Let's use a PDO prepared statement to make your query safe.
// Placeholders only work for *data*. We'll need to validate
// the column name another way. A list of columns that can be
// updated is very safe.
$safe_columns = array('a', 'b', 'c', 'd');
if(!in_array($collumn, $safe_columns))
die "Invalid column";
// Those question marks are the placeholders.
$sqlUpdate = "UPDATE plProducts.allPens SET $column = ? WHERE allPens.prodId = ? LIMIT 1";
$sh = $db->prepare($sqlUpdate);
// The entries in the array you pass to execute() are substituted
// into the query, replacing the placeholders.
$success = $sh->execute(array( $val, $id ));
// If PDO is configured to use warnings instead of exceptions, this will work.
// Otherwise, you'll need to worry about handling the exception...
if(!$success)
die "Oh no, it failed! MySQL says: " . join(' ', $db->errorInfo());
Most mysql functions return FALSE if they encounter an error. You should check for error conditions and if one occurs, output the error message. That will give you a better idea of where the problem occurred and what the nature of the problem is.
It's amazing how many programmers never check for error states, despite many examples in the PHP docs.

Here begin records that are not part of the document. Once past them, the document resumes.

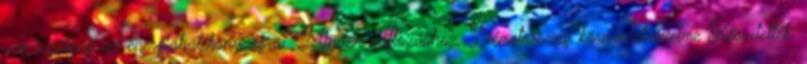
van szükség az energiahatékonyságra? Minden változáshoz, Németország környezetvédelme Készítették: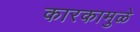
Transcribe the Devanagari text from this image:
कारकामुळे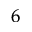
_ 6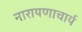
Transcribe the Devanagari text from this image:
नारायणाचार्य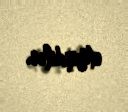
etmişdilər.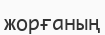
жорғаның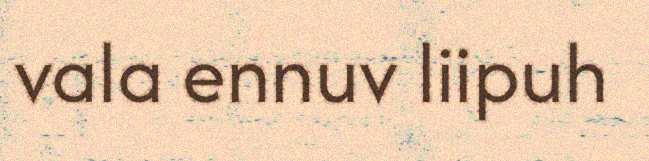
vala ennuv liipuh

$link = mysql_connect(...);
if ($link === false) {
die(mysql_error());
}
$selected = mysql_select_db(...);
if ($selected === false) {
die(mysql_error());
}
$result = mysql_query(...);
if ($result === false) {
die(mysql_error());
}
Your call to mysql_query() is faulty; you're checking the contents of the variable you're passing in but the function call doesn't work that way. It returns a value which is what you should check. If the query failed, it returned false. If it returns data (like from a SELECT) it returns a resource handle. If it succeeds but doesn't return data (like from an INSERT) it returns true.

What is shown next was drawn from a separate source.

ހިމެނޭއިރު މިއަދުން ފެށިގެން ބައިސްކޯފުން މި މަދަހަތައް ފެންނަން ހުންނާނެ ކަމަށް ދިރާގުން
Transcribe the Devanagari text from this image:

You also have some problems constructing your SQL. #Charles mentions SQL injection and suggests prepared statements. If you still want to construct a query string, then you need to use mysql_real_escape_string(). (But I would recommend you read up on the mysqli extension and use those functions instead.)
Secondly, you're concatenating strings with embedded substitution. This is silly. Do it this way instead:
$sqlUpdate = 'UPDATE plProducts.allPens SET '.$collumn.' = \''.$val.'\'
WHERE allPens.prodId = '.intval($id).' LIMIT 1';
If you must accept it in the querystring, you should also check that $collumn is set to a valid value before you use it. And emit and error page if it's not. Likewise, check that $id will turn into a number (use is_numeric()). All this is called defensive programming.